THE PROBLEM >> I would like you to return all of the records exactly as they stand.

Records drawn from a dataset >>
--- START ---
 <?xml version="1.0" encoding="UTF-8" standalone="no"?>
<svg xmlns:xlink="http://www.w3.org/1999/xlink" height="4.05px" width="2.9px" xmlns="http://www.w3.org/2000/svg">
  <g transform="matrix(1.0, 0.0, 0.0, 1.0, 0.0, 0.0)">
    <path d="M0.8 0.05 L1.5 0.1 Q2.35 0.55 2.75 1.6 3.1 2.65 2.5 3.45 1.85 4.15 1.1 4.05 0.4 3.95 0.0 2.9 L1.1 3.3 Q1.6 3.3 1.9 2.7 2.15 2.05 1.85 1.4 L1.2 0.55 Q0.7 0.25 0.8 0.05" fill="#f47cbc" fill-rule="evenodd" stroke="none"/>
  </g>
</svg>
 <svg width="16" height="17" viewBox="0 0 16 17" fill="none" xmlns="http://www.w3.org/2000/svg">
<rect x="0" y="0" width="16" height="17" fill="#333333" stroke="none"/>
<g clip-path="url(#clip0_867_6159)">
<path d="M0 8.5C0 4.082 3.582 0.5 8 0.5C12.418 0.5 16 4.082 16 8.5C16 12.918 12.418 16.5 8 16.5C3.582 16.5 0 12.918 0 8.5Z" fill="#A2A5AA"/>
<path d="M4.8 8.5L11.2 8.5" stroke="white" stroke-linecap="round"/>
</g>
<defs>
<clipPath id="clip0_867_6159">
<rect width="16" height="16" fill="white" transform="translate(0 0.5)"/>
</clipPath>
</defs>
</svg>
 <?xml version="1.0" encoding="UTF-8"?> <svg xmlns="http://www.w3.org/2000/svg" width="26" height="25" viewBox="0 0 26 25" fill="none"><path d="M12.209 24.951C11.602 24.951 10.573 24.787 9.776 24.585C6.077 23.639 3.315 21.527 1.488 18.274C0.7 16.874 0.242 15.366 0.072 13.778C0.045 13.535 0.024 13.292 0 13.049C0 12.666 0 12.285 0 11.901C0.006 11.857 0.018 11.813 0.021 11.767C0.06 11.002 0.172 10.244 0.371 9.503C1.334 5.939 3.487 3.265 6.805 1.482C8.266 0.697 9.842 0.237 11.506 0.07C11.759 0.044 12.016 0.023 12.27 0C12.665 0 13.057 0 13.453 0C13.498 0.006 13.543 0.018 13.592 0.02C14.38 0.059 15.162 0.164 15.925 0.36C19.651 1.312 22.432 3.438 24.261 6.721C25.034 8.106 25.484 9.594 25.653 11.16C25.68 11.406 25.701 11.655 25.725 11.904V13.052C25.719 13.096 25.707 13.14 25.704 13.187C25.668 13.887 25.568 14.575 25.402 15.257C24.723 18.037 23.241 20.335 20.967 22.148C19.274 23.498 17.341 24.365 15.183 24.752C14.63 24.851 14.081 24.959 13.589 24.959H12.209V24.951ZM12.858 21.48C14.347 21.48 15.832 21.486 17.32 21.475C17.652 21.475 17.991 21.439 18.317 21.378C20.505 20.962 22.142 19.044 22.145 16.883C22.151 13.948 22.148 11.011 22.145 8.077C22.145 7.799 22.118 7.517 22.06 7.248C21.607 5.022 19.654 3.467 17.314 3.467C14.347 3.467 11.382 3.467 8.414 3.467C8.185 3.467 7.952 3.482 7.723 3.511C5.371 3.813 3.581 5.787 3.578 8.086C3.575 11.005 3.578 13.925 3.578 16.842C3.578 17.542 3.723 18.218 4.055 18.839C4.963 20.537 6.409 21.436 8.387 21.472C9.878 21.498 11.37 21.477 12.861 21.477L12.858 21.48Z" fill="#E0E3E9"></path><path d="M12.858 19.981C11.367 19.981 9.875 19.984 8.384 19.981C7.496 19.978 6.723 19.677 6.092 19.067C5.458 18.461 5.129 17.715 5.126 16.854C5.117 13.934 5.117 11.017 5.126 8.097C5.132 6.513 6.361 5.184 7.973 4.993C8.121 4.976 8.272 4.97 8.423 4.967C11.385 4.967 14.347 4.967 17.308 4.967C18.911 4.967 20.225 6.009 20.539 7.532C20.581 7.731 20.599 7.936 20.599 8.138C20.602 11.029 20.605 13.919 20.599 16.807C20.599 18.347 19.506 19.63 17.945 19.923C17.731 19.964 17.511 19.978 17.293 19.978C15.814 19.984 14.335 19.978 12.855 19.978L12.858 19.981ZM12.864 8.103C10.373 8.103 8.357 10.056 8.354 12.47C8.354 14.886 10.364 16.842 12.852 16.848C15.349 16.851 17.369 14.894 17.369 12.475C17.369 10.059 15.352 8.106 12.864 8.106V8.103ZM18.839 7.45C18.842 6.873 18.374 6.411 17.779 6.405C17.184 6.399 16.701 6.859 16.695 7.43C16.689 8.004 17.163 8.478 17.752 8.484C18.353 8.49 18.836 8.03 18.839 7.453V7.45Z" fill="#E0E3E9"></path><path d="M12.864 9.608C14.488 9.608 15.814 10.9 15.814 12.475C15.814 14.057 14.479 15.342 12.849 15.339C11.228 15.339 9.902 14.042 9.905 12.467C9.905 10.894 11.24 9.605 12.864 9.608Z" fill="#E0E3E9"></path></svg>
--- END ---
ANSWER FOR THE TASK >>
 <?xml version="1.0" encoding="UTF-8" standalone="no"?>
<svg xmlns:xlink="http://www.w3.org/1999/xlink" height="4.05px" width="2.9px" xmlns="http://www.w3.org/2000/svg">
  <g transform="matrix(1.0, 0.0, 0.0, 1.0, 0.0, 0.0)">
    <path d="M0.8 0.05 L1.5 0.1 Q2.35 0.55 2.75 1.6 3.1 2.65 2.5 3.45 1.85 4.15 1.1 4.05 0.4 3.95 0.0 2.9 L1.1 3.3 Q1.6 3.3 1.9 2.7 2.15 2.05 1.85 1.4 L1.2 0.55 Q0.7 0.25 0.8 0.05" fill="#f47cbc" fill-rule="evenodd" stroke="none"/>
  </g>
</svg>
 <svg width="16" height="17" viewBox="0 0 16 17" fill="none" xmlns="http://www.w3.org/2000/svg">
<rect x="0" y="0" width="16" height="17" fill="#333333" stroke="none"/>
<g clip-path="url(#clip0_867_6159)">
<path d="M0 8.5C0 4.082 3.582 0.5 8 0.5C12.418 0.5 16 4.082 16 8.5C16 12.918 12.418 16.5 8 16.5C3.582 16.5 0 12.918 0 8.5Z" fill="#A2A5AA"/>
<path d="M4.8 8.5L11.2 8.5" stroke="white" stroke-linecap="round"/>
</g>
<defs>
<clipPath id="clip0_867_6159">
<rect width="16" height="16" fill="white" transform="translate(0 0.5)"/>
</clipPath>
</defs>
</svg>
 <?xml version="1.0" encoding="UTF-8"?> <svg xmlns="http://www.w3.org/2000/svg" width="26" height="25" viewBox="0 0 26 25" fill="none"><path d="M12.209 24.951C11.602 24.951 10.573 24.787 9.776 24.585C6.077 23.639 3.315 21.527 1.488 18.274C0.7 16.874 0.242 15.366 0.072 13.778C0.045 13.535 0.024 13.292 0 13.049C0 12.666 0 12.285 0 11.901C0.006 11.857 0.018 11.813 0.021 11.767C0.06 11.002 0.172 10.244 0.371 9.503C1.334 5.939 3.487 3.265 6.805 1.482C8.266 0.697 9.842 0.237 11.506 0.07C11.759 0.044 12.016 0.023 12.27 0C12.665 0 13.057 0 13.453 0C13.498 0.006 13.543 0.018 13.592 0.02C14.38 0.059 15.162 0.164 15.925 0.36C19.651 1.312 22.432 3.438 24.261 6.721C25.034 8.106 25.484 9.594 25.653 11.16C25.68 11.406 25.701 11.655 25.725 11.904V13.052C25.719 13.096 25.707 13.14 25.704 13.187C25.668 13.887 25.568 14.575 25.402 15.257C24.723 18.037 23.241 20.335 20.967 22.148C19.274 23.498 17.341 24.365 15.183 24.752C14.63 24.851 14.081 24.959 13.589 24.959H12.209V24.951ZM12.858 21.48C14.347 21.48 15.832 21.486 17.32 21.475C17.652 21.475 17.991 21.439 18.317 21.378C20.505 20.962 22.142 19.044 22.145 16.883C22.151 13.948 22.148 11.011 22.145 8.077C22.145 7.799 22.118 7.517 22.06 7.248C21.607 5.022 19.654 3.467 17.314 3.467C14.347 3.467 11.382 3.467 8.414 3.467C8.185 3.467 7.952 3.482 7.723 3.511C5.371 3.813 3.581 5.787 3.578 8.086C3.575 11.005 3.578 13.925 3.578 16.842C3.578 17.542 3.723 18.218 4.055 18.839C4.963 20.537 6.409 21.436 8.387 21.472C9.878 21.498 11.37 21.477 12.861 21.477L12.858 21.48Z" fill="#E0E3E9"></path><path d="M12.858 19.981C11.367 19.981 9.875 19.984 8.384 19.981C7.496 19.978 6.723 19.677 6.092 19.067C5.458 18.461 5.129 17.715 5.126 16.854C5.117 13.934 5.117 11.017 5.126 8.097C5.132 6.513 6.361 5.184 7.973 4.993C8.121 4.976 8.272 4.97 8.423 4.967C11.385 4.967 14.347 4.967 17.308 4.967C18.911 4.967 20.225 6.009 20.539 7.532C20.581 7.731 20.599 7.936 20.599 8.138C20.602 11.029 20.605 13.919 20.599 16.807C20.599 18.347 19.506 19.63 17.945 19.923C17.731 19.964 17.511 19.978 17.293 19.978C15.814 19.984 14.335 19.978 12.855 19.978L12.858 19.981ZM12.864 8.103C10.373 8.103 8.357 10.056 8.354 12.47C8.354 14.886 10.364 16.842 12.852 16.848C15.349 16.851 17.369 14.894 17.369 12.475C17.369 10.059 15.352 8.106 12.864 8.106V8.103ZM18.839 7.45C18.842 6.873 18.374 6.411 17.779 6.405C17.184 6.399 16.701 6.859 16.695 7.43C16.689 8.004 17.163 8.478 17.752 8.484C18.353 8.49 18.836 8.03 18.839 7.453V7.45Z" fill="#E0E3E9"></path><path d="M12.864 9.608C14.488 9.608 15.814 10.9 15.814 12.475C15.814 14.057 14.479 15.342 12.849 15.339C11.228 15.339 9.902 14.042 9.905 12.467C9.905 10.894 11.24 9.605 12.864 9.608Z" fill="#E0E3E9"></path></svg>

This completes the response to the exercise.